- Born: 12 October 1876
- Died: 1963 (aged 86–87)
- Education: Academy of Fine Arts, Munich
- Known for: Painting

= Edgar Downs =

English painter

Edgar Downs, ROI, (1876–1963) was a British painter, known for painting agricultural scenes.

Downs was born on 12 October 1876 at Claughton, Birkenhead, the son of William Downs. He was educated at Birkenhead School and the Academy of Fine Arts, Munich, and received a silver medal there.

He exhibited paintings called Our Daily Bread and The Edge of the Bog at the Royal Academy in 1911, when his address was given as 12 Bedford Gardens, Kensington, London. His other addresses included Arun House at Clymping, West Sussex, and latterly Mudeford, Hampshire where he died.

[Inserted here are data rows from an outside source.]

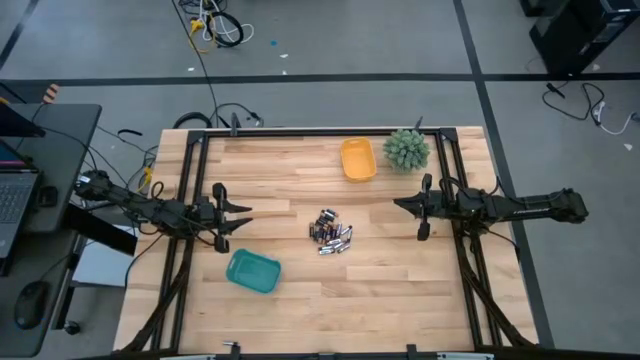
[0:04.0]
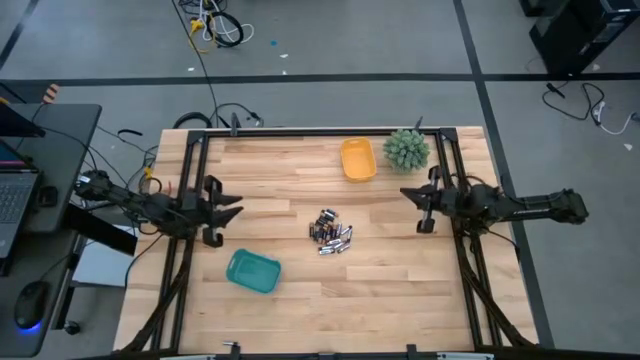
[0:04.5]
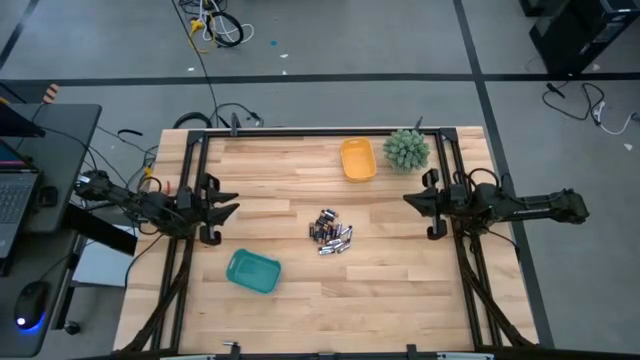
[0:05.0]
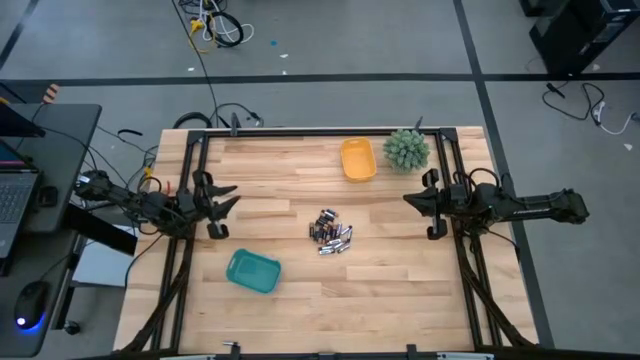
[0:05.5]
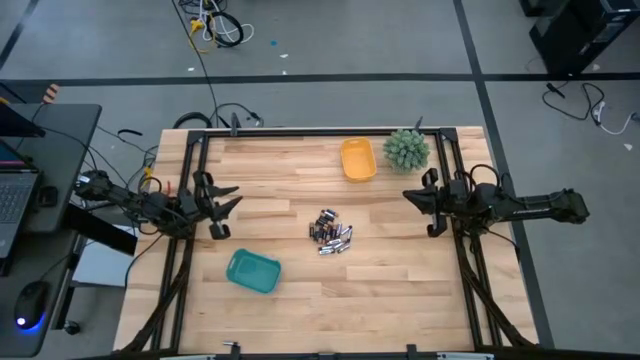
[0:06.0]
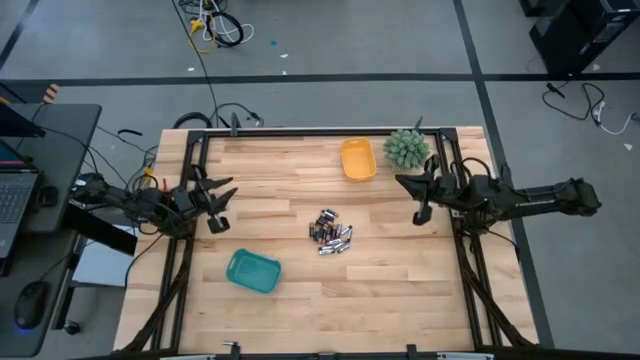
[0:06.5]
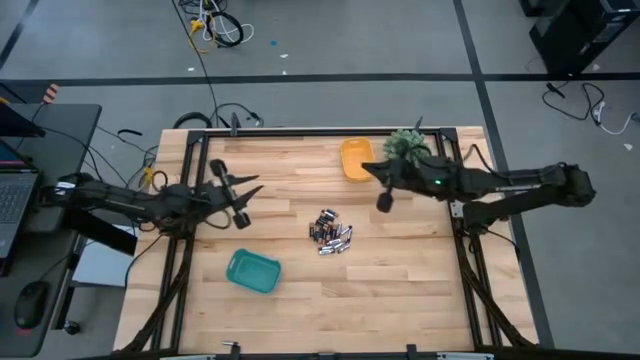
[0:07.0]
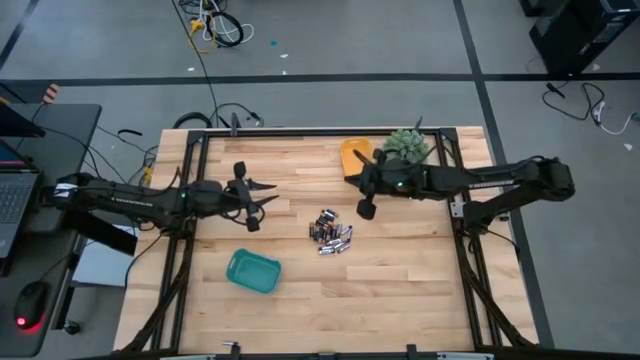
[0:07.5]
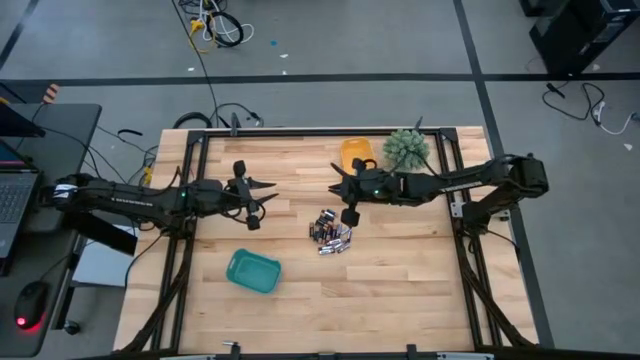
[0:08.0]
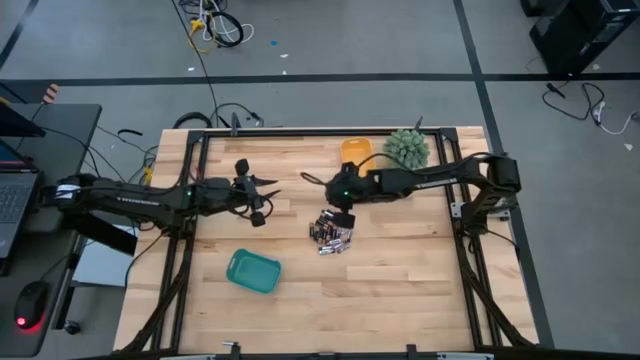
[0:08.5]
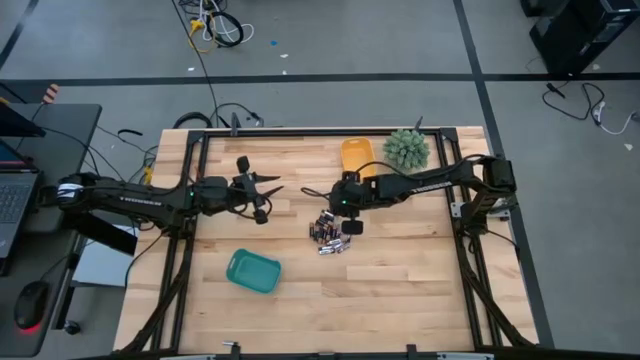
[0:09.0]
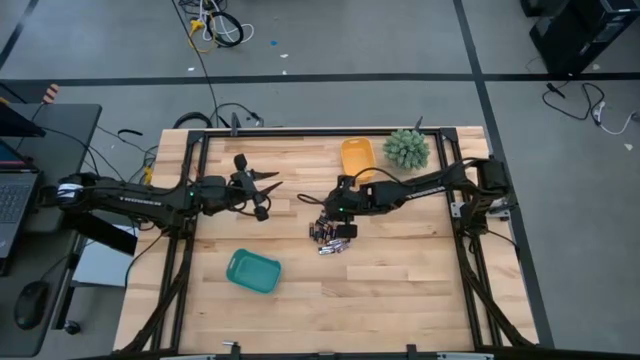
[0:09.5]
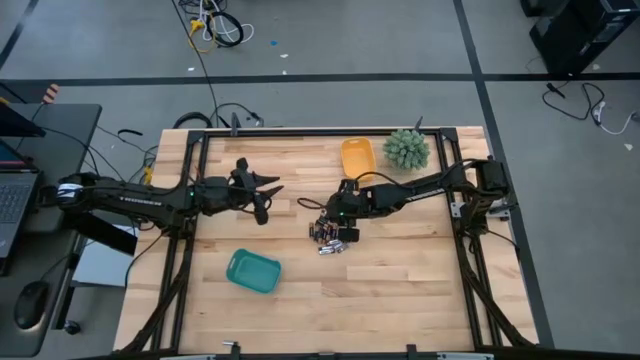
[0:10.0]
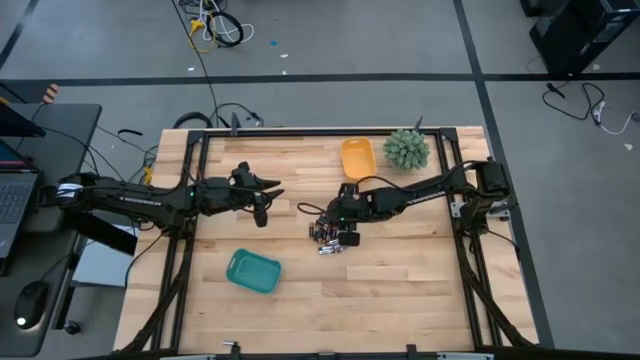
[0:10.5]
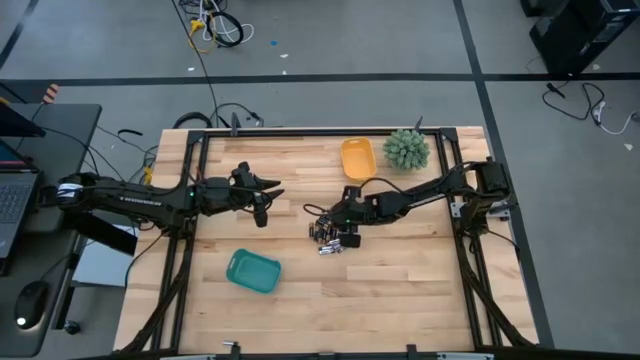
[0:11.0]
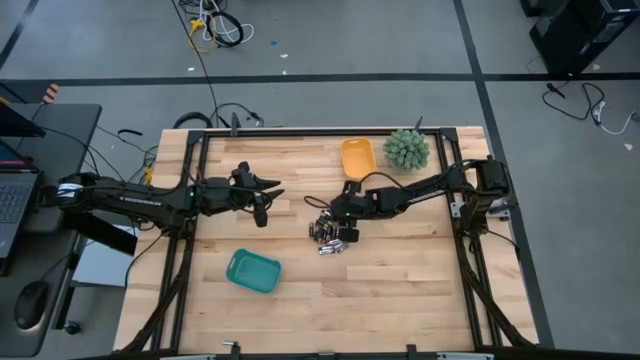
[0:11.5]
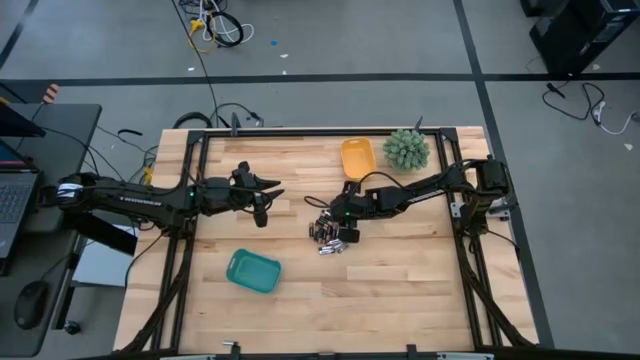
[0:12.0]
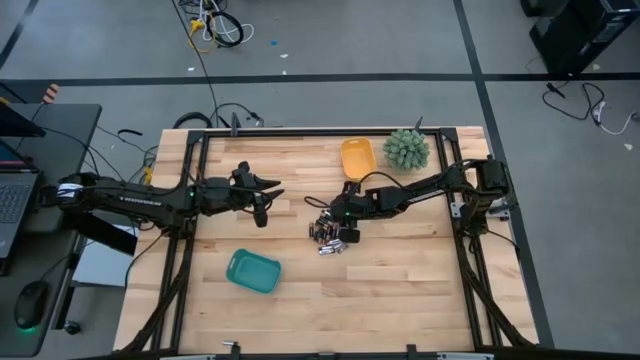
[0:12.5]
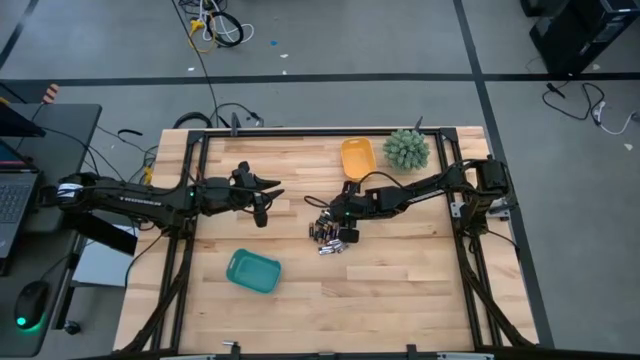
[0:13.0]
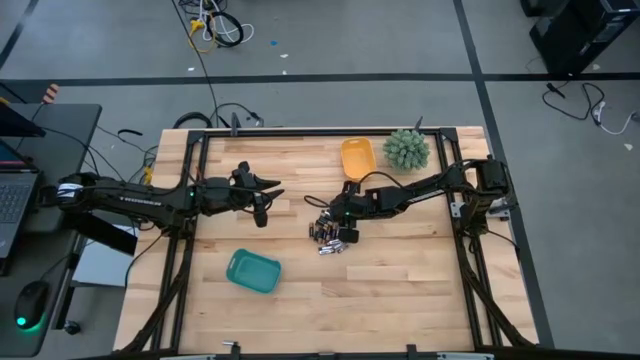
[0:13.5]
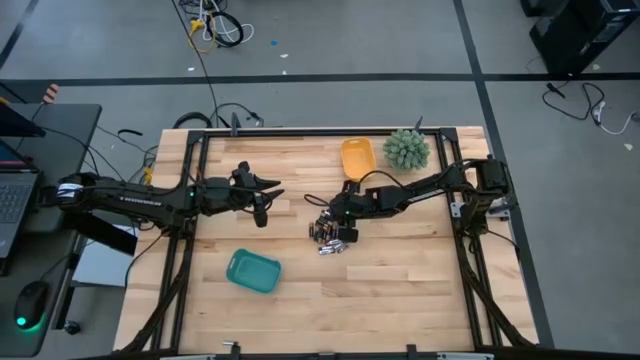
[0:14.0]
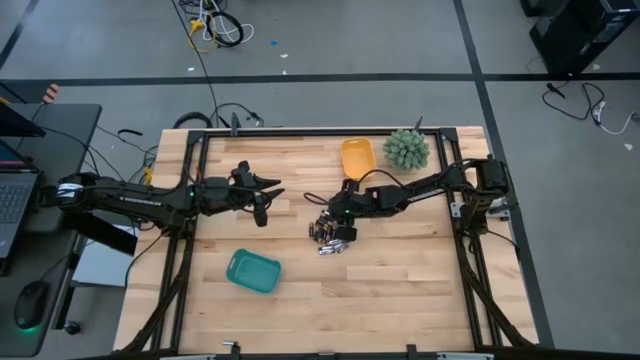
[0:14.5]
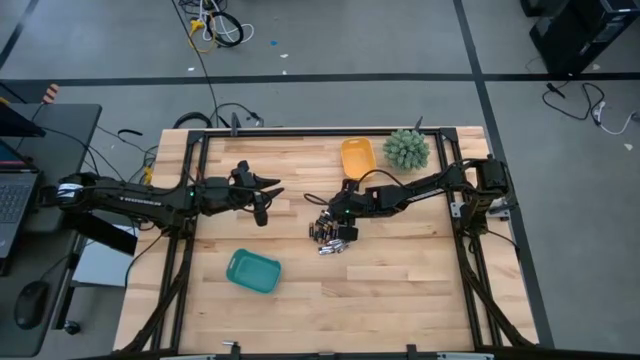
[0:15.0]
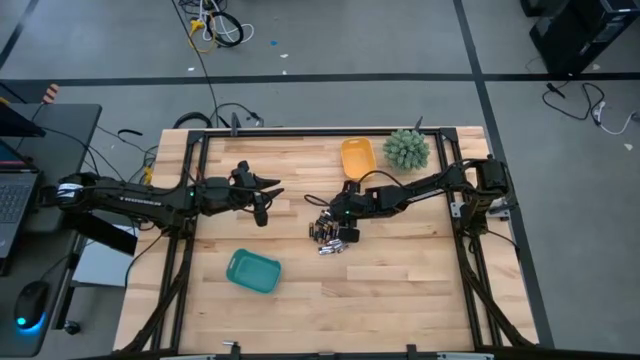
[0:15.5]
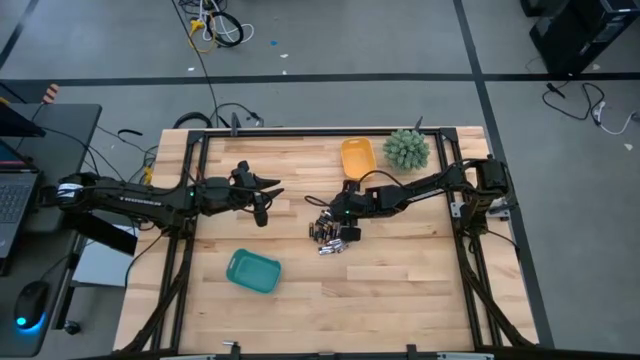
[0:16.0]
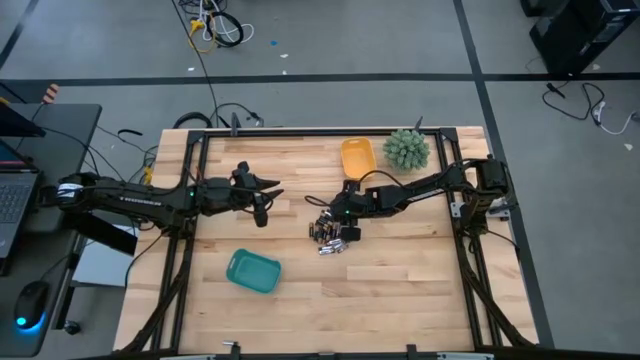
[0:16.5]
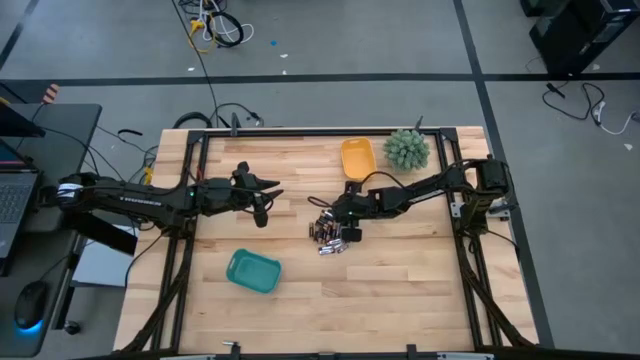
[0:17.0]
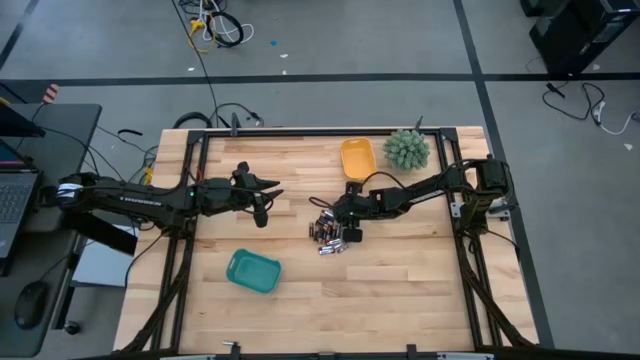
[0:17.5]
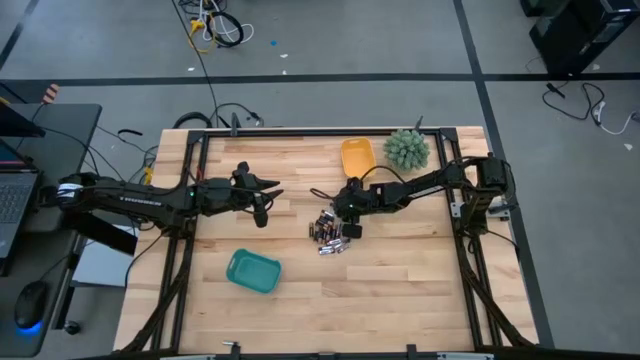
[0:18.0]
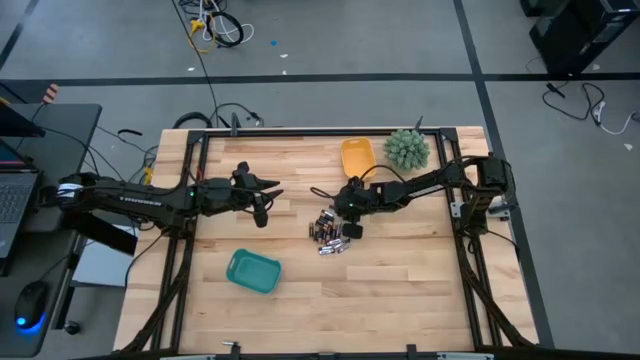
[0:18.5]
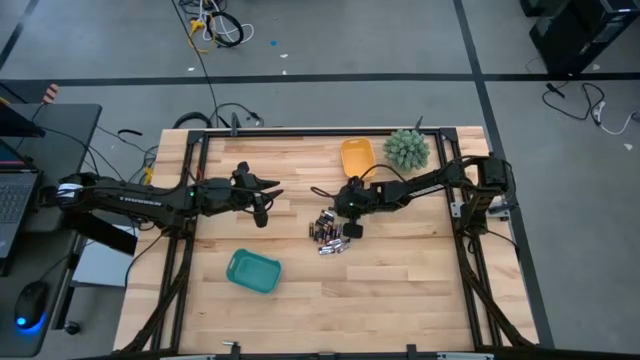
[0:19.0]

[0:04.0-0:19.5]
Task: Sort batteries
Put the black battery into the yellow bin

During World War I, he served as a war artist, including spells at Gallipoli in 1915 and Salonica in 1916. He was assigned to the 1st County of London Yeomanry in July 1918. One of his paintings made at this time hangs in the Headquarters of the Inns of Court & City Yeomanry.

Two of his works, Gathering Kelp (1914) and Cattle Ploughing in an Open Landscape (c. 1914), are in the collection of Fordingbridge Town Council at Fordingbridge Town Hall.

He was a member of the Royal Institute of Oil Painters ("ROI"), the London Sketch Club and Chelsea Arts Club.

In addition to the RA, ROI, and London Sketch Club, he exhibited at Royal Cambrian Academy of Art and the Walker Gallery.